WORK ITEM -> Reproduce the lines below exactly, from the one containing "gpt: pastures" through the one containing "Invasive ductal carcinoma", both included. Leave out any pictures.

##### RECORD EXTRACTS

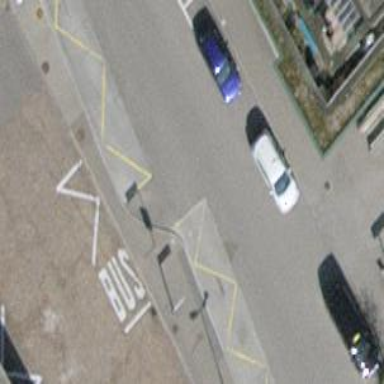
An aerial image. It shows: Platform for public transport. The platform is located by the road.
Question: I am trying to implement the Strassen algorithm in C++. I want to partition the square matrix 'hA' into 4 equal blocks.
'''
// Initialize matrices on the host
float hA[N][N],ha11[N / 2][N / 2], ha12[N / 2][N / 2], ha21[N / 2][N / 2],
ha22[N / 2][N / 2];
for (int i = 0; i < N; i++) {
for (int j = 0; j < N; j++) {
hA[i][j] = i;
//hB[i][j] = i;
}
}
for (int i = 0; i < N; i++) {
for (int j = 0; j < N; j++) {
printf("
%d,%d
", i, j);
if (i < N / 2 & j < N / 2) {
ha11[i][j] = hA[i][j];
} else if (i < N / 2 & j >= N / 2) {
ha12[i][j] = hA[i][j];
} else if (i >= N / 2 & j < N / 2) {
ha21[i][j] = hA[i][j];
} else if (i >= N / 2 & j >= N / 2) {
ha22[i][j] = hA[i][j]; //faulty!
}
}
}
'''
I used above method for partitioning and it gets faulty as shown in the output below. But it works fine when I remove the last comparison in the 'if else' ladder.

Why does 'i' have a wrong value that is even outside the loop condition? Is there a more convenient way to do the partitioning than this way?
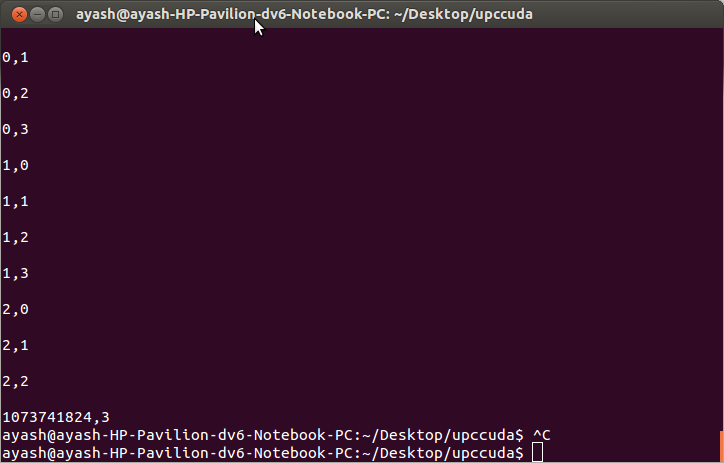
Answer: Your arrays should be N x N, not N/2 x N/2.
Your use of the bitwise operator & is unusual but works. I mistakenly thought you need a logical and ( && ) instead. Still, for readability I'd suggest the &&. You get the short circuiting with too.
'''
for (int i = 0; i < N; i++) {
for (int j = 0; j < N; j++) {
printf("
%d,%d
", i, j);
if (i < N / 2 & j < N / 2) {
ha11[i][j] = hA[i][j];
} else if (i < N / 2 & j >= N / 2) {
ha12[i][j] = hA[i][j];
} else if (i >= N / 2 & j < N / 2) {
ha21[i][j] = hA[i][j];
} else if (i >= N / 2 & j >= N / 2) {
ha22[i][j] = hA[i][j]; //faulty!
}
}
}
'''
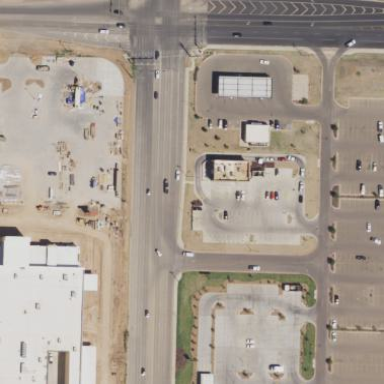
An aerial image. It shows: Retail area.
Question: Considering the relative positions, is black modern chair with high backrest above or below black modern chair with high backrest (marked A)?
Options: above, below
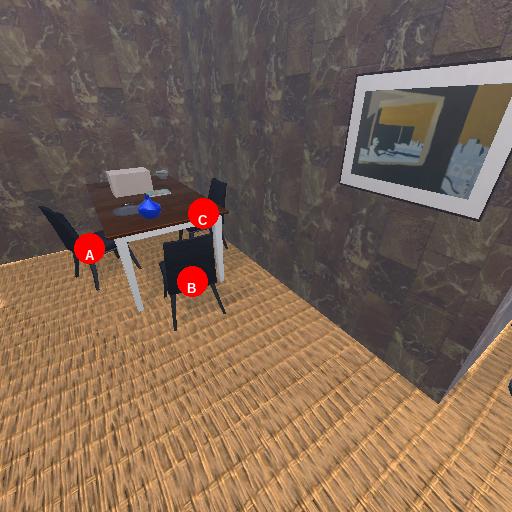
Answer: above
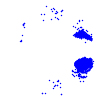
Particle: proton
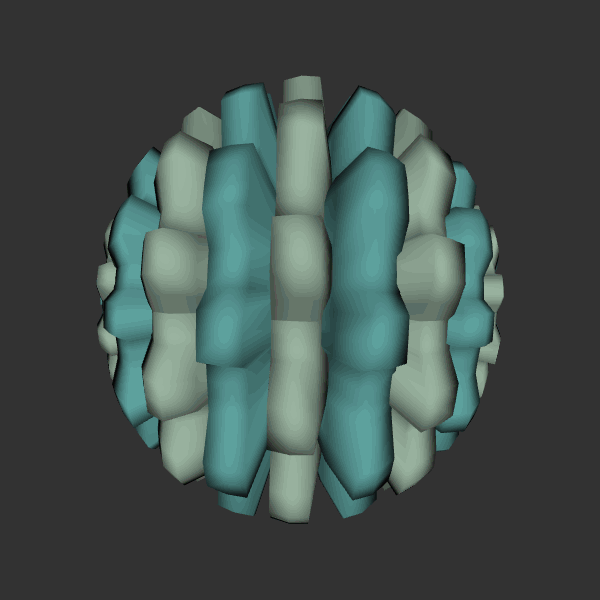
Background: dark
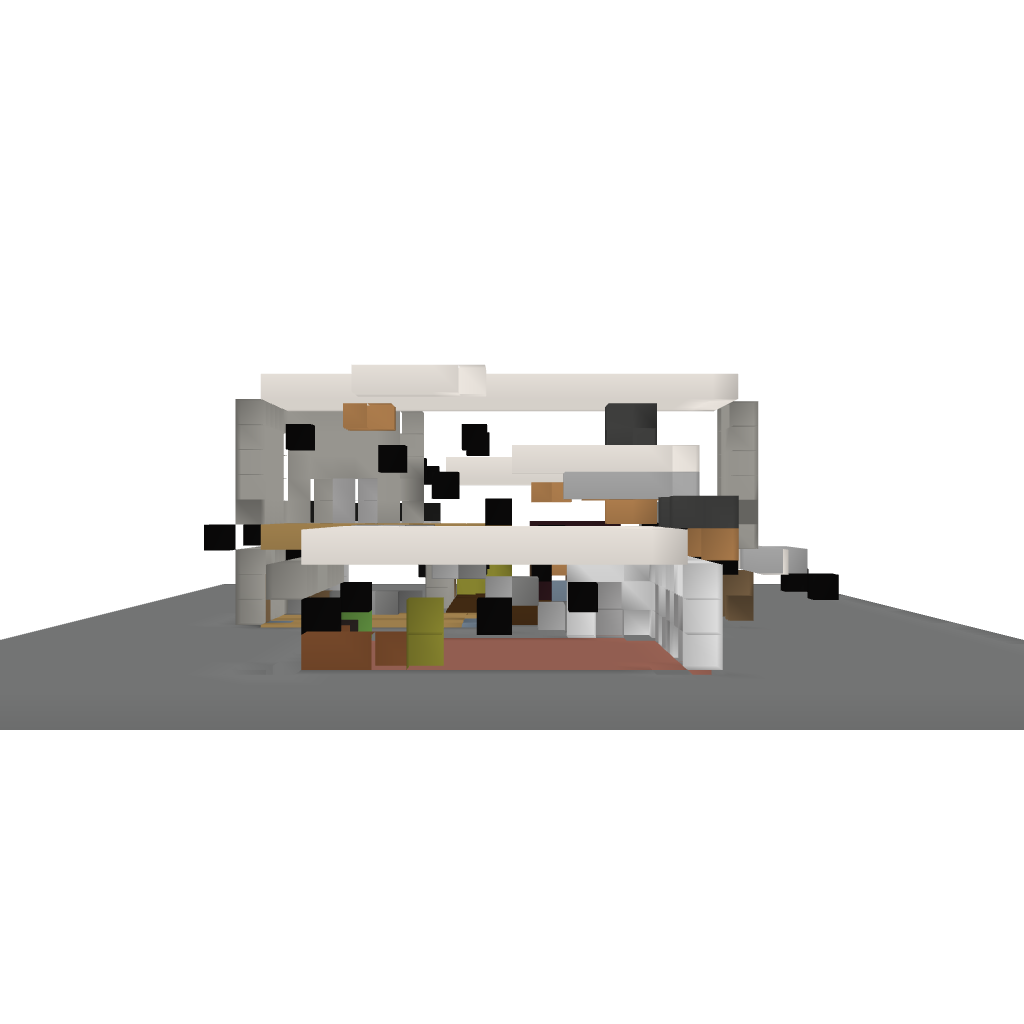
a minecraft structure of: Another modern villa
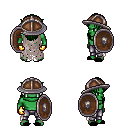
a pixel art fantasy rpg character, male body template, orc, green skin, gray tattered cape, metal pants, green long hairstyle, chain helm, gold gloves, black slippers, shield, four views (front, back, left, right), 2x2 character sprite sheet, small pixel art, hard edges, no anti-aliasing
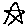
Label: star
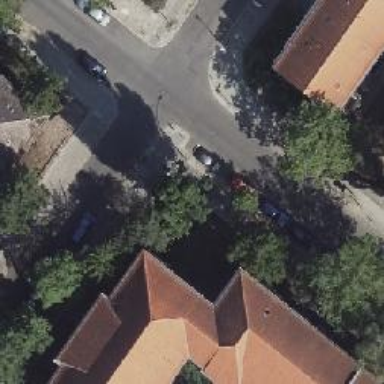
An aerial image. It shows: Residential road with asphalt surface and parallel parking lanes on both sides. The sidewalk on the right has surface made of setts.
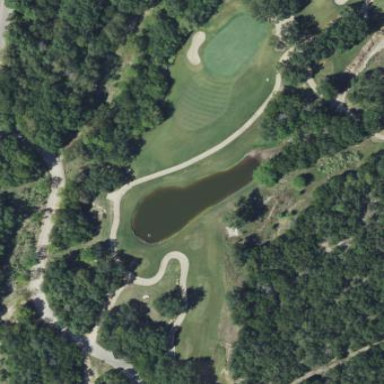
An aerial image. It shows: Picturesque scene of golf course with lateral water hazard.
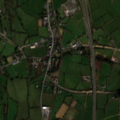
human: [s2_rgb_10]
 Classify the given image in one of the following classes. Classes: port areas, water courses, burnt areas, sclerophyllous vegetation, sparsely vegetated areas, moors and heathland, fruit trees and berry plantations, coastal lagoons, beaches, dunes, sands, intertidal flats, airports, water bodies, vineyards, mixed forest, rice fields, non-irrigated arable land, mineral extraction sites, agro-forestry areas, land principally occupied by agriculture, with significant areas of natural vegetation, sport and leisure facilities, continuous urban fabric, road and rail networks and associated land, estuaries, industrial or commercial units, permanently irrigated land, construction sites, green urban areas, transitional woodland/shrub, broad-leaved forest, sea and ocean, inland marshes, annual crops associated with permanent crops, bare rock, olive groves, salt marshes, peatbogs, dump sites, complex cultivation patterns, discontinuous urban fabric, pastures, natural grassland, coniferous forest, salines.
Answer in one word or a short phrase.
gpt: pastures
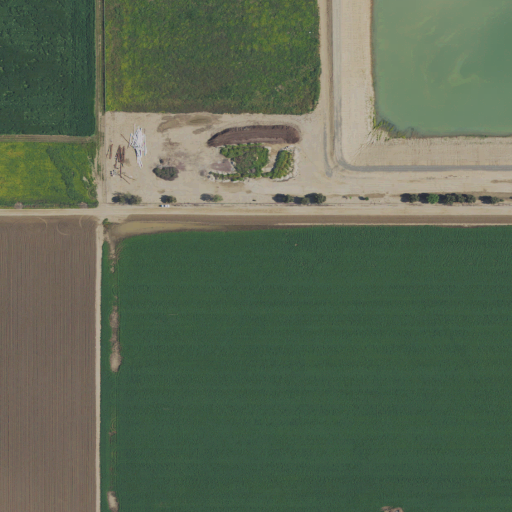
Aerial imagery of valley in California named Perris Valley containing cultivated crops, open development, and open water
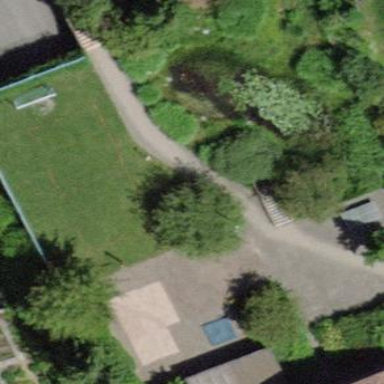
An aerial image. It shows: Recreation ground for leisure activities.
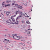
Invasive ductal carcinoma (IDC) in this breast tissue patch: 1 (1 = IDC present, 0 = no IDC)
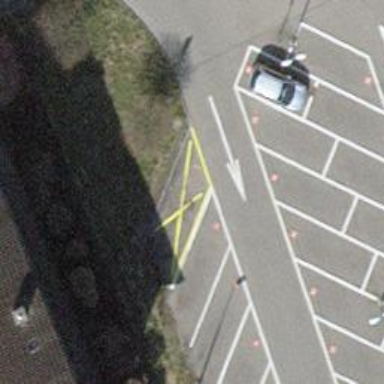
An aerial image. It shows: Car-sharing service available at this location.
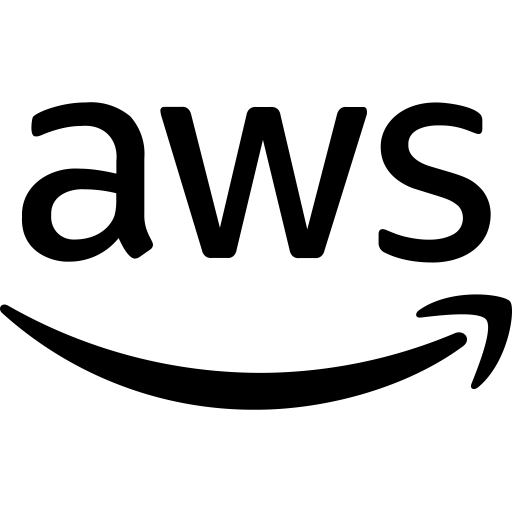
Tags: icon, FontAwesome, fa-icon, brand, aws
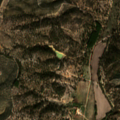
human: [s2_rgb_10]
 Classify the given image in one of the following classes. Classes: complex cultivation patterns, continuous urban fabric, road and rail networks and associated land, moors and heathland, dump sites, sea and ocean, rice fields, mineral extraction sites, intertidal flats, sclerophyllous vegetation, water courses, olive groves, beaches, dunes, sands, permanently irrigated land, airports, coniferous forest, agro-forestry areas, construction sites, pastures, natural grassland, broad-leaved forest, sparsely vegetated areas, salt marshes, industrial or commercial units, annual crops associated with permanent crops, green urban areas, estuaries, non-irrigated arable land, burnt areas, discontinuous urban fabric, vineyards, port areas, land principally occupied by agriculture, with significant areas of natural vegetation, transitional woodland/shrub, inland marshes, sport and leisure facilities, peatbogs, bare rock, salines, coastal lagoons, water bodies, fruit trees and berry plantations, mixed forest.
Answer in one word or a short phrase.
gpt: non-irrigated arable land, broad-leaved forest, transitional woodland/shrub
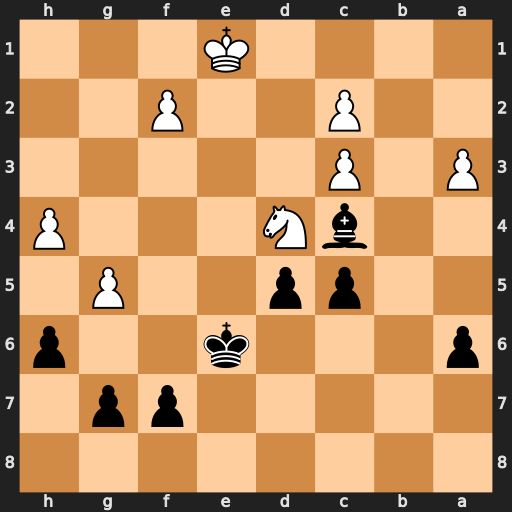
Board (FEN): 8/5pp1/p3k2p/2pp2P1/2bN3P/P1P5/2P2P2/4K3
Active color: b
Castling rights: -
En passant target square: -
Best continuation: cxd4 gxh6 gxh6
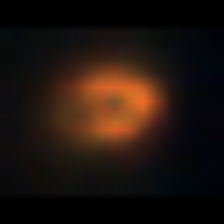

##########

SOLUTION FOR THIS PROBLEM ->
gpt: pastures
Aerial imagery of valley in California named Perris Valley containing cultivated crops, open development, and open water
An aerial image. It shows: Recreation ground for leisure activities.
Invasive ductal carcinoma (IDC) in this breast tissue patch: 1 (1 = IDC present, 0 = no IDC)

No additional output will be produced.